Unterschiede zwischen Ludwig Bechstein und den Brüdern Grimm
„Das Märchen vom Schlaraffenland“, in verschiedenen Versionen von Ludwig Bechstein und den Brüdern Grimm erzählt, ist eine Geschichte, die von einem utopischen Land handelt, in dem Überfluss herrscht und keine Arbeit notwendig ist. Bechsteins Version beschreibt Schlaraffenland als einen Ort, an dem die Dächer der Häuser mit Eierkuchen bedeckt sind, Zäune aus Bratwürsten geflochten werden und aus den Brunnen süßer Wein fließt. In diesem Land wachsen frische Brötchen an Bäumen, und unter den Bäumen fließen Milchbäche. Fische und gebratene Vögel kommen von selbst zu den Menschen, und Spanferkel laufen mit Messern im Rücken herum, bereit, verspeist zu werden. Kleidung und Schuhe wachsen ebenfalls an Bäumen. In Bechsteins Märchen ist Faulheit eine Tugend und Fleiß ein Laster, wobei am Ende eine moralisierende Botschaft steht, die das Streben nach einem solchen Utopia in Frage stellt.

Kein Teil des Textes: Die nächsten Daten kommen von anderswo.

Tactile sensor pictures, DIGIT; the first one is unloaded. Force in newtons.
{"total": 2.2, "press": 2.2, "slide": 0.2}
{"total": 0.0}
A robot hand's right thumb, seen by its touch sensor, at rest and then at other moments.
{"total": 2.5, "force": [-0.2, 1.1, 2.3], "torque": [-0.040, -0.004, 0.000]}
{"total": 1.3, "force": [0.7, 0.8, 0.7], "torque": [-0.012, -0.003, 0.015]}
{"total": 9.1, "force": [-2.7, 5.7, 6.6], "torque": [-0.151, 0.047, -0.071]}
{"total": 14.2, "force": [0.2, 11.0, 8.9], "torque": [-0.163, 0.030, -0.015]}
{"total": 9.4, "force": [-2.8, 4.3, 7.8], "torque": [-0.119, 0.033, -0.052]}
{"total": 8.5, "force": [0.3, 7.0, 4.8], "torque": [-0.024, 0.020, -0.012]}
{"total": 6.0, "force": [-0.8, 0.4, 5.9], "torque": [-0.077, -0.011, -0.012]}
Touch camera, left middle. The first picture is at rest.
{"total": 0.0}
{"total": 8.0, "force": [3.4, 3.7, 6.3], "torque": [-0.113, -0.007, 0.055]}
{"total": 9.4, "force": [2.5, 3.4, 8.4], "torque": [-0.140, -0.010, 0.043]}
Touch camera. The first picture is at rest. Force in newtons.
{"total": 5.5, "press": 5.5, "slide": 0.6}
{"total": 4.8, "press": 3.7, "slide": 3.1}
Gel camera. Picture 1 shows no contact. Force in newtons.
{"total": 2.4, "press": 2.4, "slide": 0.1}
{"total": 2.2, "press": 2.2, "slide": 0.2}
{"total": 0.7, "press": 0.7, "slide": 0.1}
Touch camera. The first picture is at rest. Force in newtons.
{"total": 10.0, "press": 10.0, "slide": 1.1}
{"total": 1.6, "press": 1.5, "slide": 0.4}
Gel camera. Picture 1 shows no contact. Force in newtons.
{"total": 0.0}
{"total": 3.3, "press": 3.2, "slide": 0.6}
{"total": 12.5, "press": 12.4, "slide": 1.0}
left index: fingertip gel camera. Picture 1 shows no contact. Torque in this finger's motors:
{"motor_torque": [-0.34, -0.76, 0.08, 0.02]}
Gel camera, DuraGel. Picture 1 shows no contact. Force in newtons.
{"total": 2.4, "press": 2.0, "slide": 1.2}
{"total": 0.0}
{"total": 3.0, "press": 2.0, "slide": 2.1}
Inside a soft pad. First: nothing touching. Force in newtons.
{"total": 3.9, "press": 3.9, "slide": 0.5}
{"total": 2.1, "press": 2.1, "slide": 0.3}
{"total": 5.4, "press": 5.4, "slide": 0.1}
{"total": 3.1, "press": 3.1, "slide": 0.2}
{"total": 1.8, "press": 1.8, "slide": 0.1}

Die Version der Brüder Grimm, bekannt als „Märchen vom Schlauraffenland“, wird als Lügengeschichte beschrieben und enthält ähnlich fantastische Elemente. Es erzählt von einem fußlosen Mann, der schneller als ein Pferd läuft, einem Schwert, das eine Brücke durchschneidet, und einem Esel, der Hasen jagt. Zwei Krähen mähen eine Wiese, Mücken bauen an einer Brücke, und Tauben zerrupfen einen Wolf. Außerdem gibt es Mäuse, die einen Bischof weihen, und Katzen, die einem Bären die Zunge auskratzen. Am Ende der Geschichte steht das Aussprechen der Absurdität all dieser Begebenheiten, unterstrichen durch das Krähen eines Huhns, das das Ende des Märchens verkündet. Beide Versionen des Märchens spielen mit der Idee des Unmöglichen und Absurden und stellen eine Welt dar, in der die gewöhnlichen Regeln der Realität nicht gelten.

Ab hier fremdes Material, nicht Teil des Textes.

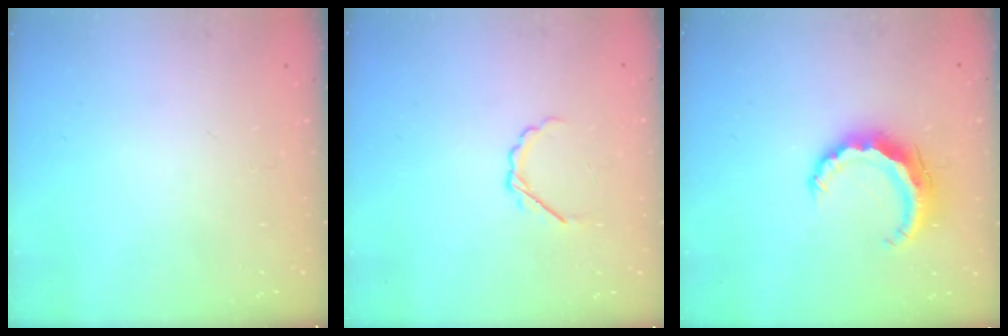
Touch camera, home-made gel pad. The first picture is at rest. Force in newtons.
{"total": 2.9, "press": 2.7, "slide": 0.9}
{"total": 8.5, "press": 8.5, "slide": 0.1}
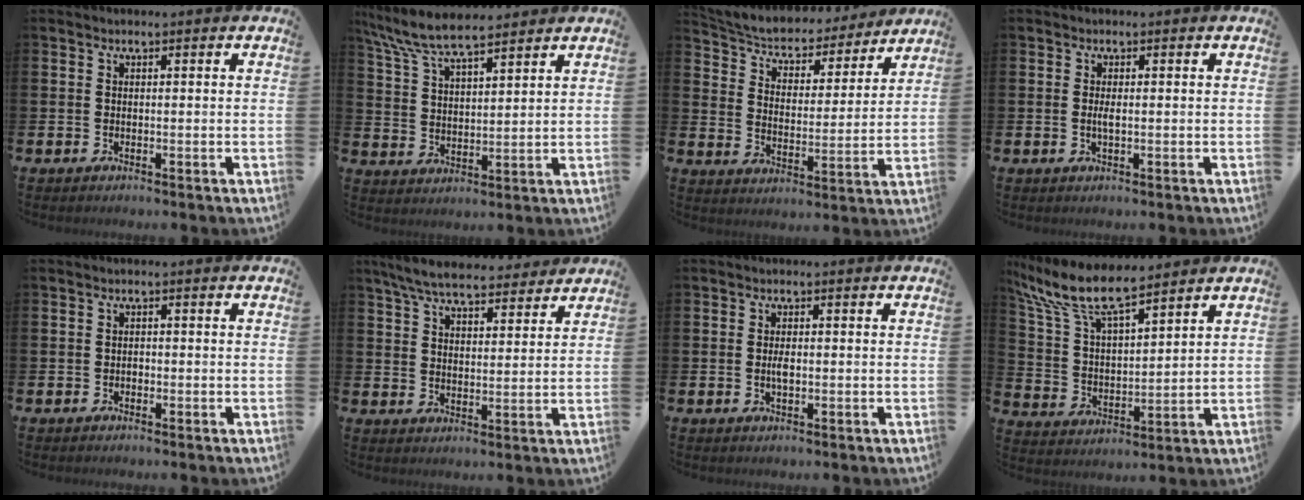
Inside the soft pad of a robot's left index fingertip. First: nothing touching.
{"total": 8.2, "force": [7.5, 1.4, 3.1], "torque": [-0.091, -0.026, 0.137]}
{"total": 5.7, "force": [5.3, 1.9, 1.0], "torque": [-0.055, -0.042, 0.087]}
{"total": 1.2, "force": [0.0, 0.3, 1.2], "torque": [-0.027, 0.004, -0.001]}
{"total": 0.7, "force": [-0.3, 0.5, 0.2], "torque": [-0.003, 0.000, -0.008]}
{"total": 7.3, "force": [6.7, 1.6, 2.2], "torque": [-0.065, -0.027, 0.122]}
{"total": 1.7, "force": [-0.1, 0.7, 1.5], "torque": [-0.027, 0.001, -0.003]}
{"total": 10.3, "force": [8.9, 2.3, 4.7], "torque": [-0.129, -0.038, 0.161]}

Interpretationen zum Märchen „Das Märchen vom Schlaraffenland“
Das Märchen vom Schlaraffenland (KHM 158) von den Gebrüdern Grimm lässt sich auf verschiedene Weise interpretieren. Hier sind einige mögliche Interpretationsansätze:
Satire und Gesellschaftskritik: Das Schlaraffenland kann als satirische Darstellung der menschlichen Wünsche und Sehnsüchte betrachtet werden. Die Geschichte macht sich über die menschliche Faulheit und den Wunsch nach einem Leben ohne Anstrengung lustig. In diesem Sinne kann das Märchen als Gesellschaftskritik gesehen werden, die darauf abzielt, die Leser dazu zu bringen, über ihre eigenen Werte und Motivationen nachzudenken.

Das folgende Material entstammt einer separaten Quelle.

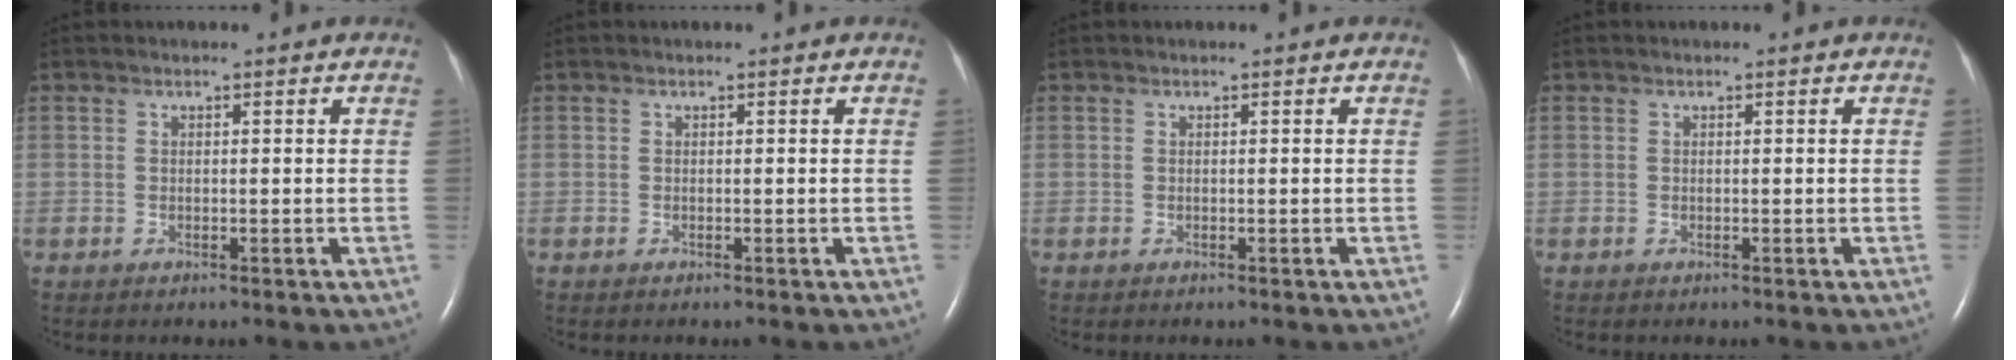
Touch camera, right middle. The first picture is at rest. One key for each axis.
{"total": 0.0}
{"total": 0.0}
{"total": 0.0}
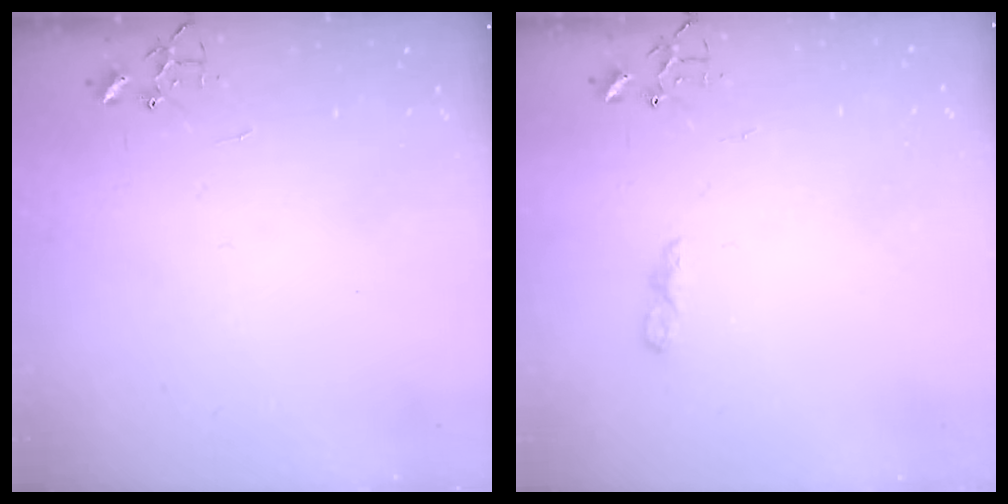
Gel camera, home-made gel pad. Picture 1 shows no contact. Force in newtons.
{"total": 5.0, "press": 5.0, "slide": 0.5}

Utopie und Dystopie: Das Schlaraffenland kann als eine Art Utopie betrachtet werden, in der alles, was die Menschen sich wünschen, erfüllt ist. Gleichzeitig kann es auch als Dystopie gesehen werden, da das Leben in einer Welt ohne Herausforderungen und Anstrengungen letztendlich langweilig und sinnlos wäre. Diese Interpretation lädt dazu ein, über das Konzept von Utopien und Dystopien nachzudenken und die Bedeutung von Arbeit und Anstrengung für ein erfülltes Leben zu hinterfragen.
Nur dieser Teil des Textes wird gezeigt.